Data listing below:
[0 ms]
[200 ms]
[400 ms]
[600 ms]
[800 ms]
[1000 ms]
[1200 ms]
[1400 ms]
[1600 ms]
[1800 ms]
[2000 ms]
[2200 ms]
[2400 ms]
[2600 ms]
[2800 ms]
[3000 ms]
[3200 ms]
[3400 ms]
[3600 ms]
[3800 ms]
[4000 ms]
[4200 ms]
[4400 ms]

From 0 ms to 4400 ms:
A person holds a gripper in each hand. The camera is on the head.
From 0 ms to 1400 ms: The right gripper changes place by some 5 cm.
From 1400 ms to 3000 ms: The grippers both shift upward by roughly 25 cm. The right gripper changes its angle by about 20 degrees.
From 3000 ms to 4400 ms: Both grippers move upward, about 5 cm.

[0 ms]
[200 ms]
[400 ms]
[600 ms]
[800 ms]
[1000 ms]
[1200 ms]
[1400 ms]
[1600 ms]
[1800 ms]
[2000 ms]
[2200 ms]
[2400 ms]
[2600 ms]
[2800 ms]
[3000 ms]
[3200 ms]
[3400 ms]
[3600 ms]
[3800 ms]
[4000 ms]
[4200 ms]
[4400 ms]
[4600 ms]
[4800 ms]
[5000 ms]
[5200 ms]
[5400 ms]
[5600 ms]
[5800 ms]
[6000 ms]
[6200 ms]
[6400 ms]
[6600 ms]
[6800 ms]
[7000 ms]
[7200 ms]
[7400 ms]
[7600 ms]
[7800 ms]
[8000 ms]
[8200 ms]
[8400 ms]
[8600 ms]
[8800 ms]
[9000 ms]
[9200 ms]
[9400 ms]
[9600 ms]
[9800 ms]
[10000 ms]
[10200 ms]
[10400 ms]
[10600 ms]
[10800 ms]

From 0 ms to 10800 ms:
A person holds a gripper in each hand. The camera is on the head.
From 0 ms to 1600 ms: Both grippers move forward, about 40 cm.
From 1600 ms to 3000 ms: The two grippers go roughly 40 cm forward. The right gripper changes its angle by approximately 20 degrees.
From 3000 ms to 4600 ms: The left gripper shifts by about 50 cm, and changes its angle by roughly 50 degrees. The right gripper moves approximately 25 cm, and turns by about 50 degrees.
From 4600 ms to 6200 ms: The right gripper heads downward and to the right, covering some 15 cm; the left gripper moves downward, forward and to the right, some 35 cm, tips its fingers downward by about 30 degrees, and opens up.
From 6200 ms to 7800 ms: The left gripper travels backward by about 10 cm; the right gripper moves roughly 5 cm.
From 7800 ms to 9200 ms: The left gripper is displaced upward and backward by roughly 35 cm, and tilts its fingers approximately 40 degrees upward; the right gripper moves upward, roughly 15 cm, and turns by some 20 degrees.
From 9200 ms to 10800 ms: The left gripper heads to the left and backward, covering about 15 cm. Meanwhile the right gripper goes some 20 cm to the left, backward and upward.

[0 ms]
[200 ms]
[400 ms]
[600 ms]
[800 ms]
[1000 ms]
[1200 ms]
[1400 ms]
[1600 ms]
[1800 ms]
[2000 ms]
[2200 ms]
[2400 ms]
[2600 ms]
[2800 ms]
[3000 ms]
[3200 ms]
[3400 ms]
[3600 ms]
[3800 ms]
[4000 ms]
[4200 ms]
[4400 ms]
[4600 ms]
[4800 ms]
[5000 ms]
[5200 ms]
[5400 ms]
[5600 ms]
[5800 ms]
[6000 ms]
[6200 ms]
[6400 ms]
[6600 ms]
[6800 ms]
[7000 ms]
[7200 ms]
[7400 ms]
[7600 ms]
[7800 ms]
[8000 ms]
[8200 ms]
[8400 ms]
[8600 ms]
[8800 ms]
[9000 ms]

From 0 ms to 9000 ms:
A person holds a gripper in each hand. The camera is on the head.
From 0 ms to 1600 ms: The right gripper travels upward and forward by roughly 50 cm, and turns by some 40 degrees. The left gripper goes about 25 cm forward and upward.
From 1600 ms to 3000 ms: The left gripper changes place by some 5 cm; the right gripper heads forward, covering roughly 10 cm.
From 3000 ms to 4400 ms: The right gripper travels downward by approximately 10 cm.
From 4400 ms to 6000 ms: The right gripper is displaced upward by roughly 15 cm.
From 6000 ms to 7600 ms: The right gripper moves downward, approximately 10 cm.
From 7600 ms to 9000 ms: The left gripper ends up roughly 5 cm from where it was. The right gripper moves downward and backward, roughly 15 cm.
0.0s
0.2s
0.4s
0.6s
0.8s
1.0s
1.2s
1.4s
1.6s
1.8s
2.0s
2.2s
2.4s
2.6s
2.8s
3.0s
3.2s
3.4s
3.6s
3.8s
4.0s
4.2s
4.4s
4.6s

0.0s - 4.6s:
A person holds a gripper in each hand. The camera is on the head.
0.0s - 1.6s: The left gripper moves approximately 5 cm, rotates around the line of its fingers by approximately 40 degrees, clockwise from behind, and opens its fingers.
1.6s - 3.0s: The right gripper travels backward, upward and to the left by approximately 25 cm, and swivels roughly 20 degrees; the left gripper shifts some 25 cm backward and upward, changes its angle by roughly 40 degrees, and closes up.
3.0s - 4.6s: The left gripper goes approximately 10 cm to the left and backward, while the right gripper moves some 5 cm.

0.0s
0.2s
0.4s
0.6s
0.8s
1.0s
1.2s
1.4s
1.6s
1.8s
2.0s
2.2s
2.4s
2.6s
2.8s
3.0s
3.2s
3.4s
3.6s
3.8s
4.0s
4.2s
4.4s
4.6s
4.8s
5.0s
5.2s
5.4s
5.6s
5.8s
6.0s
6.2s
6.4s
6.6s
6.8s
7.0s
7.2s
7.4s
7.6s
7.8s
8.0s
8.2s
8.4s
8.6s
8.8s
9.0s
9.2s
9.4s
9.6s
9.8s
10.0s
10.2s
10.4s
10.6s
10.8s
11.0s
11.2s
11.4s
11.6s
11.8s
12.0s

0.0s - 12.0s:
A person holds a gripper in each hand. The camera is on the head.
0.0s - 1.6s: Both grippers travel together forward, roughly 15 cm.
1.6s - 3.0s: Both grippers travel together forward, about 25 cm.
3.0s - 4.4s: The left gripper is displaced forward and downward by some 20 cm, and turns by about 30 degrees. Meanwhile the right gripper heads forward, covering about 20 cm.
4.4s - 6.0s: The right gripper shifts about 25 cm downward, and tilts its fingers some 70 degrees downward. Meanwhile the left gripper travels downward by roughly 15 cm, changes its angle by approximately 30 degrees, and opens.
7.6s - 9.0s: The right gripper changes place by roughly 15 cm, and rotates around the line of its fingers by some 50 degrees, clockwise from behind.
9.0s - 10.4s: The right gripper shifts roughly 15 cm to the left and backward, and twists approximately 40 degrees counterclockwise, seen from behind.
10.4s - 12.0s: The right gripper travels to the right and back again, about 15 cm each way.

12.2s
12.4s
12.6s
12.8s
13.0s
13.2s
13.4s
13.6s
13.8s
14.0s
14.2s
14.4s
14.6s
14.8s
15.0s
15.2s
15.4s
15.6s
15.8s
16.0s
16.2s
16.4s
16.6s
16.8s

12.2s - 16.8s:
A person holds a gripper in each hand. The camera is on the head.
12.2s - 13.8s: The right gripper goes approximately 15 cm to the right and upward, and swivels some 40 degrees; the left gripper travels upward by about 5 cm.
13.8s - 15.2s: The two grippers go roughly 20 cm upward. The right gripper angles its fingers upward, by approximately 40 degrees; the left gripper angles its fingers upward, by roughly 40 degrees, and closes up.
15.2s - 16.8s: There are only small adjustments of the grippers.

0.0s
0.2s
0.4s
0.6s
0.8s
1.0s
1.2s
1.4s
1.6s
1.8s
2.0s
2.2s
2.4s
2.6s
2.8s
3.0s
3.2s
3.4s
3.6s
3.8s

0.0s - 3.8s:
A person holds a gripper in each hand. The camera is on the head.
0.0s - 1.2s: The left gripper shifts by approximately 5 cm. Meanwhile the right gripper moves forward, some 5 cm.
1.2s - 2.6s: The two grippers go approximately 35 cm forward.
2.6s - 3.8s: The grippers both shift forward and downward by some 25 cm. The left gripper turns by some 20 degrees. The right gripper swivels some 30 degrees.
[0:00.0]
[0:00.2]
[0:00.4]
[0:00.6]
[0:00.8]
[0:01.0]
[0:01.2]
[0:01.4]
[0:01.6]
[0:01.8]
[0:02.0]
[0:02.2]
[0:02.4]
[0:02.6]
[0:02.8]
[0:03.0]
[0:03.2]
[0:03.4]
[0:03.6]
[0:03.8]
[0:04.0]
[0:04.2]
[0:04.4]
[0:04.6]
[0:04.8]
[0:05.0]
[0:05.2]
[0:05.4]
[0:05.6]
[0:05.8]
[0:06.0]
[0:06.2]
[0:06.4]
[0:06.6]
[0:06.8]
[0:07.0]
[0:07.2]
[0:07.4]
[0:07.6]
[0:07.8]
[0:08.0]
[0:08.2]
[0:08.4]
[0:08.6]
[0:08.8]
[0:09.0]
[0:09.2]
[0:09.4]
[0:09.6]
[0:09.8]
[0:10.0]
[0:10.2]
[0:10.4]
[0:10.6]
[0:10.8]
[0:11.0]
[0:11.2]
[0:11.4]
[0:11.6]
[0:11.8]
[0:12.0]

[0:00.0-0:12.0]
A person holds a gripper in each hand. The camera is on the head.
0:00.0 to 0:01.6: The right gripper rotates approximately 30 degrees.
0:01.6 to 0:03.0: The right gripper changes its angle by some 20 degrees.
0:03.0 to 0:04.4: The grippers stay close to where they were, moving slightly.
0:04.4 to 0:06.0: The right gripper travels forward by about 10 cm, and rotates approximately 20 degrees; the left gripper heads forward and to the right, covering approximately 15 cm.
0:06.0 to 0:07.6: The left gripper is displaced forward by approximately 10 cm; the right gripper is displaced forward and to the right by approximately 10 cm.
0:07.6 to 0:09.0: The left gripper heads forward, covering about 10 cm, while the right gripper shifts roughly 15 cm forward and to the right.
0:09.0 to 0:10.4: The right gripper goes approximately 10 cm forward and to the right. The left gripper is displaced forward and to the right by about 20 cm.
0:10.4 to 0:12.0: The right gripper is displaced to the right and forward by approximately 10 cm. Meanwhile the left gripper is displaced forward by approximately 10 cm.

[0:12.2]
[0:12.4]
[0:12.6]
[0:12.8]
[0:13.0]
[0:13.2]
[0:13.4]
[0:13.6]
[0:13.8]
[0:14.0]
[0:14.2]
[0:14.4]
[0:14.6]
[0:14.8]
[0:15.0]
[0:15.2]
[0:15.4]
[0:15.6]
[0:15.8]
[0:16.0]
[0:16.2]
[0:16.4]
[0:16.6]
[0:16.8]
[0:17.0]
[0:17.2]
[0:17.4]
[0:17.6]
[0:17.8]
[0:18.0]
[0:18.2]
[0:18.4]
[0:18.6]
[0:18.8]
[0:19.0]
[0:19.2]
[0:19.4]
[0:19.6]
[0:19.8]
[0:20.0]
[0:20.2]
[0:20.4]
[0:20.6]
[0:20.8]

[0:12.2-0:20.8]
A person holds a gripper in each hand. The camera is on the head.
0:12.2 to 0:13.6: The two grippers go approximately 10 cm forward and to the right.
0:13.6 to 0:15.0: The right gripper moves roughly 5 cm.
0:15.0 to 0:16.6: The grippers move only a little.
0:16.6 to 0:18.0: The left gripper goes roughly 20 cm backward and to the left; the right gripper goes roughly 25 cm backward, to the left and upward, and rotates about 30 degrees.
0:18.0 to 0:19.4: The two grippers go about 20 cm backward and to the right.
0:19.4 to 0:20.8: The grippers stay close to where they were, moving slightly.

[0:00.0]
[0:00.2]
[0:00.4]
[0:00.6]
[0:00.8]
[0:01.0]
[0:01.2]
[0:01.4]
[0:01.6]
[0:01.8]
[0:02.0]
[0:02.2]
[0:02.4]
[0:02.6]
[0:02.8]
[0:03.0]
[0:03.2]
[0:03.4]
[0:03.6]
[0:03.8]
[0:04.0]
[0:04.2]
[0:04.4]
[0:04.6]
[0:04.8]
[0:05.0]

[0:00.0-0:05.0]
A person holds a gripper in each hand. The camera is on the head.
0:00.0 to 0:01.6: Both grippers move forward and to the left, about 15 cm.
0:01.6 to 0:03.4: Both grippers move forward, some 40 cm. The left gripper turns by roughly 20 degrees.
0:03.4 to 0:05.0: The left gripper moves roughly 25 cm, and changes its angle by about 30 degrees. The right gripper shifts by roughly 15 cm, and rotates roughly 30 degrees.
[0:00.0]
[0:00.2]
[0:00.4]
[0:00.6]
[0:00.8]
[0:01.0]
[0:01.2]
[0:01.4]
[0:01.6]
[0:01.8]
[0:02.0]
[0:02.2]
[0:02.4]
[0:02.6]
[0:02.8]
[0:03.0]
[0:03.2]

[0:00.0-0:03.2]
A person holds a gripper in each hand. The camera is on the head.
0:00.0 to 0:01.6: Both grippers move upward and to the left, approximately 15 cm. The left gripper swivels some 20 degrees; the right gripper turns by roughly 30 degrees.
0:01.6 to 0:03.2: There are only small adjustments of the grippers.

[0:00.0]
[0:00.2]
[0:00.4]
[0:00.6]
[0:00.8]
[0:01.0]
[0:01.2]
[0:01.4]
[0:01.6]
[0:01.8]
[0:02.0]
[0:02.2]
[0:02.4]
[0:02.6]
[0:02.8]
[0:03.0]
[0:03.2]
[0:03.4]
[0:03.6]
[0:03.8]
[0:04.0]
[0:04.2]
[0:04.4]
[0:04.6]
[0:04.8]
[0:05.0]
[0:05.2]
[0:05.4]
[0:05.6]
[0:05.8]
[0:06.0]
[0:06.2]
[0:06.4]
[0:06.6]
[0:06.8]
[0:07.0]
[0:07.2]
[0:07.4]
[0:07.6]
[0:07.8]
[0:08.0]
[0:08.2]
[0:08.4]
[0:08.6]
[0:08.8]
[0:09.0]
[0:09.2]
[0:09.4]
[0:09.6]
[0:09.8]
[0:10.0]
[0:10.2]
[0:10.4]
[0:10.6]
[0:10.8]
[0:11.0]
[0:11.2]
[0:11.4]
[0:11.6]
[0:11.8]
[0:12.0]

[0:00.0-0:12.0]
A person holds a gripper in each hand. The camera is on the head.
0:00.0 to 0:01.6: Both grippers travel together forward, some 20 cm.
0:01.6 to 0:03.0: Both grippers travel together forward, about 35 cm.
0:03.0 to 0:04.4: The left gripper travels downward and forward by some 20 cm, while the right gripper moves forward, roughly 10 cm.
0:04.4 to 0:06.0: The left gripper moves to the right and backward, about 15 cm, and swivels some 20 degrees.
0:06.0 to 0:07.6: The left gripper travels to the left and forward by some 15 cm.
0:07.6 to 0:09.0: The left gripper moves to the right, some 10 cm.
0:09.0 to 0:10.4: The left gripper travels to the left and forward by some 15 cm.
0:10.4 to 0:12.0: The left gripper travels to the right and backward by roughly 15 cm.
End of Data listing.
Repeat exactly the lines of the data from the first one through the line with "From 0 ms to 10800", both of them included.

[0 ms]
[200 ms]
[400 ms]
[600 ms]
[800 ms]
[1000 ms]
[1200 ms]
[1400 ms]
[1600 ms]
[1800 ms]
[2000 ms]
[2200 ms]
[2400 ms]
[2600 ms]
[2800 ms]
[3000 ms]
[3200 ms]
[3400 ms]
[3600 ms]
[3800 ms]
[4000 ms]
[4200 ms]
[4400 ms]

From 0 ms to 4400 ms:
A person holds a gripper in each hand. The camera is on the head.
From 0 ms to 1400 ms: The right gripper changes place by some 5 cm.
From 1400 ms to 3000 ms: The grippers both shift upward by roughly 25 cm. The right gripper changes its angle by about 20 degrees.
From 3000 ms to 4400 ms: Both grippers move upward, about 5 cm.

[0 ms]
[200 ms]
[400 ms]
[600 ms]
[800 ms]
[1000 ms]
[1200 ms]
[1400 ms]
[1600 ms]
[1800 ms]
[2000 ms]
[2200 ms]
[2400 ms]
[2600 ms]
[2800 ms]
[3000 ms]
[3200 ms]
[3400 ms]
[3600 ms]
[3800 ms]
[4000 ms]
[4200 ms]
[4400 ms]
[4600 ms]
[4800 ms]
[5000 ms]
[5200 ms]
[5400 ms]
[5600 ms]
[5800 ms]
[6000 ms]
[6200 ms]
[6400 ms]
[6600 ms]
[6800 ms]
[7000 ms]
[7200 ms]
[7400 ms]
[7600 ms]
[7800 ms]
[8000 ms]
[8200 ms]
[8400 ms]
[8600 ms]
[8800 ms]
[9000 ms]
[9200 ms]
[9400 ms]
[9600 ms]
[9800 ms]
[10000 ms]
[10200 ms]
[10400 ms]
[10600 ms]
[10800 ms]

From 0 ms to 10800 ms:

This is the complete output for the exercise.